* **Assignment**
After finding the line containing "## Task Description" below, please output that line and each following one through the line containing "Query: wheat heads", exactly as written.

* **Supplied data**
________________________

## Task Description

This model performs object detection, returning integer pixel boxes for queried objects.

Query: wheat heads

________________________

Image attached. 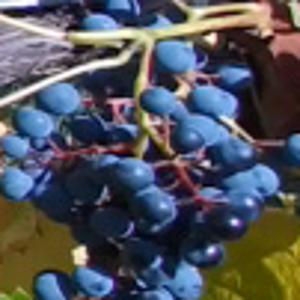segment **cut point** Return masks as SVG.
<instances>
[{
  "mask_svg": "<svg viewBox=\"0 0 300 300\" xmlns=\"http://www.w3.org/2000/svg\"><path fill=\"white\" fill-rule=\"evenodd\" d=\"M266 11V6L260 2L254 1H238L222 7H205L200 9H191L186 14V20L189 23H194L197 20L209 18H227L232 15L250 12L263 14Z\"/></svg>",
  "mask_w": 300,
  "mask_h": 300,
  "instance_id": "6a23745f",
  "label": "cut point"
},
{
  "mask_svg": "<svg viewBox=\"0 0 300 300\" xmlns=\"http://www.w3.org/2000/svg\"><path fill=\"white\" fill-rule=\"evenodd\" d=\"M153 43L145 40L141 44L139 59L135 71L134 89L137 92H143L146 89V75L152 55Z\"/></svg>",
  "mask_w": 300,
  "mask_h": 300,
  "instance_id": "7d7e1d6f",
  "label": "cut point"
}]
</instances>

________________________

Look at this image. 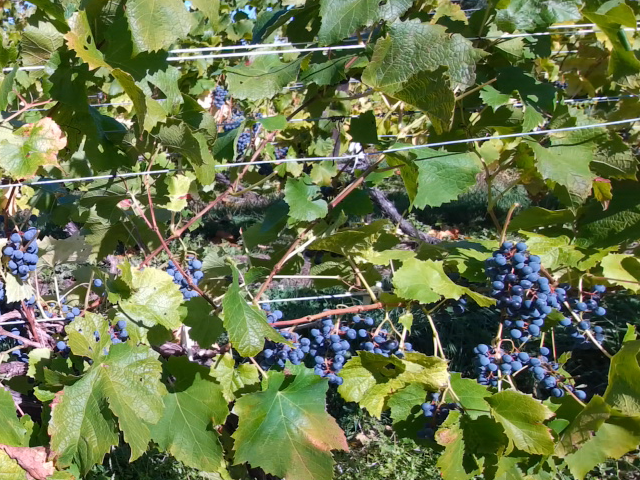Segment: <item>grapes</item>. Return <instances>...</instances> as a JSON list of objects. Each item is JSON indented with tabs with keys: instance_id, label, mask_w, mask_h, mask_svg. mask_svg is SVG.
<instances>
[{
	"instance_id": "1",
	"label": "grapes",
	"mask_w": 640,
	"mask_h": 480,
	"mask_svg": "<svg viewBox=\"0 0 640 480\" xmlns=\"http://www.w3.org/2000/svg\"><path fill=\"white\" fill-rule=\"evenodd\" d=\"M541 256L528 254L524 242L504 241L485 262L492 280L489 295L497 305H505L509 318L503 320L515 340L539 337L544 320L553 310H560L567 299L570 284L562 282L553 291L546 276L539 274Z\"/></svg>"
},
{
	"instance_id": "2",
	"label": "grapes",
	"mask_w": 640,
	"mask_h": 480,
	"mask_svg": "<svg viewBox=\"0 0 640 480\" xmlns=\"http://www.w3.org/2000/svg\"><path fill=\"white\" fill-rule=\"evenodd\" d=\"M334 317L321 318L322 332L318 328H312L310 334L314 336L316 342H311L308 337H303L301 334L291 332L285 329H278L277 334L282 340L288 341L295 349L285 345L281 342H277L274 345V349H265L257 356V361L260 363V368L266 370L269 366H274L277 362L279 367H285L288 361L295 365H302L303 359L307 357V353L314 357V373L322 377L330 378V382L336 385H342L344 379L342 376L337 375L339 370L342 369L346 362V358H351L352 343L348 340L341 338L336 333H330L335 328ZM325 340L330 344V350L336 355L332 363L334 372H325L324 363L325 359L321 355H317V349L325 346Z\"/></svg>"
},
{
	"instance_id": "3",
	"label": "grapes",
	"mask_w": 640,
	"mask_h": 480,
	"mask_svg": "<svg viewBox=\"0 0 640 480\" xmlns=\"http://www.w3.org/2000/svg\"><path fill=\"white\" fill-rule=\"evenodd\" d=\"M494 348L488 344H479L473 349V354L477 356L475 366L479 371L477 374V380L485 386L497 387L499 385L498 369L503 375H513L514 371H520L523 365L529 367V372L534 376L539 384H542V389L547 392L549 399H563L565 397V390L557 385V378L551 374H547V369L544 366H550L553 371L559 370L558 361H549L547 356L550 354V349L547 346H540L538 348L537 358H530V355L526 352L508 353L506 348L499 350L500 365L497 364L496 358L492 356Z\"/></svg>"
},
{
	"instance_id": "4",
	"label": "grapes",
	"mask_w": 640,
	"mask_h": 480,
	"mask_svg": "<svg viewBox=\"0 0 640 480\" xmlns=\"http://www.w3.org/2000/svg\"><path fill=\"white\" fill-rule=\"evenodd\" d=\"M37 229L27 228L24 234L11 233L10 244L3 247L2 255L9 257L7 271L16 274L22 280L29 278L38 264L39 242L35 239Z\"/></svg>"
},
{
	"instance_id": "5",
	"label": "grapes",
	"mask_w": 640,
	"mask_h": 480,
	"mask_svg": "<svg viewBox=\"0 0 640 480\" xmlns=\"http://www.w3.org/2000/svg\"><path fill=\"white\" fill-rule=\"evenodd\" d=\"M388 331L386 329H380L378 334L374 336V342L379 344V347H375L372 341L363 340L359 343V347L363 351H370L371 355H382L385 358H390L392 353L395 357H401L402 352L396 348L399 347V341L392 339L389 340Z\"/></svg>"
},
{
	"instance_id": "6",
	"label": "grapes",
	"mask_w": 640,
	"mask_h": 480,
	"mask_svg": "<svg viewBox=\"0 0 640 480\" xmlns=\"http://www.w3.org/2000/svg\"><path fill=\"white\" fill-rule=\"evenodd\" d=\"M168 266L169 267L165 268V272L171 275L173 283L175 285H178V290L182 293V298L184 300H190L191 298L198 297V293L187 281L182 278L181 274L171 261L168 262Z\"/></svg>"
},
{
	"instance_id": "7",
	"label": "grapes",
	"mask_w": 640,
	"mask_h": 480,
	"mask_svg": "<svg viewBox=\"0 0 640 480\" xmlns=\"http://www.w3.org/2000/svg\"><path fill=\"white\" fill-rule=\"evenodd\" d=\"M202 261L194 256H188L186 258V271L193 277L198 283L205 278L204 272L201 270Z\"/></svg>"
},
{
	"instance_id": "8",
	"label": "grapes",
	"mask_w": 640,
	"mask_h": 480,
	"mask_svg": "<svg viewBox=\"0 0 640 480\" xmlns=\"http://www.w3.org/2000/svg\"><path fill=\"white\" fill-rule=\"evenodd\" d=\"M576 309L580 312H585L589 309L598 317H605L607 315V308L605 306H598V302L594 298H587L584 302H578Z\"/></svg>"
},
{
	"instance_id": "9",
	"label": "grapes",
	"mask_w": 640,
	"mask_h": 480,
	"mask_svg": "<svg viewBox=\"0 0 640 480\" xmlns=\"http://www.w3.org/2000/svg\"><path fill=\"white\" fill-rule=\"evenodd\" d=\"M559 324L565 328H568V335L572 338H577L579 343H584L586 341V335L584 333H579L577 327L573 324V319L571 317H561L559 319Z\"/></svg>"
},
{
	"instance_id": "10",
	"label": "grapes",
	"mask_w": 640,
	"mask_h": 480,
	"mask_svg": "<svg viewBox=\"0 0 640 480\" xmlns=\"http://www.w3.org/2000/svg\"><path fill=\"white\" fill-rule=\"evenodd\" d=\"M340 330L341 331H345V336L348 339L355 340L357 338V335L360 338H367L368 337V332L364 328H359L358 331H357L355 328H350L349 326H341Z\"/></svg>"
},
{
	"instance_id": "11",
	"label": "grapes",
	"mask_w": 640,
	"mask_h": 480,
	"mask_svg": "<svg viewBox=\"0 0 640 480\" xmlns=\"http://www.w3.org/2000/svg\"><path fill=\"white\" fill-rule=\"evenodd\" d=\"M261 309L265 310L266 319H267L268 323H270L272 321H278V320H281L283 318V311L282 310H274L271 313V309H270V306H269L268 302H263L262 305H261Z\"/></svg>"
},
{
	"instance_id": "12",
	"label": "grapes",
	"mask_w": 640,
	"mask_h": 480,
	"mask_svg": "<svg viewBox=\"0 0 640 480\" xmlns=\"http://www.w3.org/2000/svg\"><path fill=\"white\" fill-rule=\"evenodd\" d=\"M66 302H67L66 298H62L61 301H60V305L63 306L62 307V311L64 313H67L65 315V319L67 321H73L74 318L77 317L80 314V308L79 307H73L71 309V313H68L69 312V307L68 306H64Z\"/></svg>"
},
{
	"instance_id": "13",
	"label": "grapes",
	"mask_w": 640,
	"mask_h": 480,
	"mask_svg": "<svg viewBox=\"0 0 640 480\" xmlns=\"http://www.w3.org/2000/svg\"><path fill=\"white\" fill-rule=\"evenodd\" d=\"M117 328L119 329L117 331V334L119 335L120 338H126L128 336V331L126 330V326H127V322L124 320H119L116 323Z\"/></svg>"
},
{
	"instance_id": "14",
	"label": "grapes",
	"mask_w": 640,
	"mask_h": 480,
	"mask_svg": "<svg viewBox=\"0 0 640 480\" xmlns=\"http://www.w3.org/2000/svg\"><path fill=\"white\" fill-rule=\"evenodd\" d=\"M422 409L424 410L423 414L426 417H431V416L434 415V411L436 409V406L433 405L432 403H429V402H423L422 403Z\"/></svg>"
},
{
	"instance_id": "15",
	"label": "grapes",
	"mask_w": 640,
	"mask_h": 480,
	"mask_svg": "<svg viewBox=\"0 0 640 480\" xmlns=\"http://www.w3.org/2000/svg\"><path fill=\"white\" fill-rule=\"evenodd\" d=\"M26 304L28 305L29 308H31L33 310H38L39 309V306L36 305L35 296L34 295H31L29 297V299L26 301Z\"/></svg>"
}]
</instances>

________________________

* **Exercise solution**
## Task Description

This model performs object detection, returning integer pixel boxes for queried objects.

Query: wheat heads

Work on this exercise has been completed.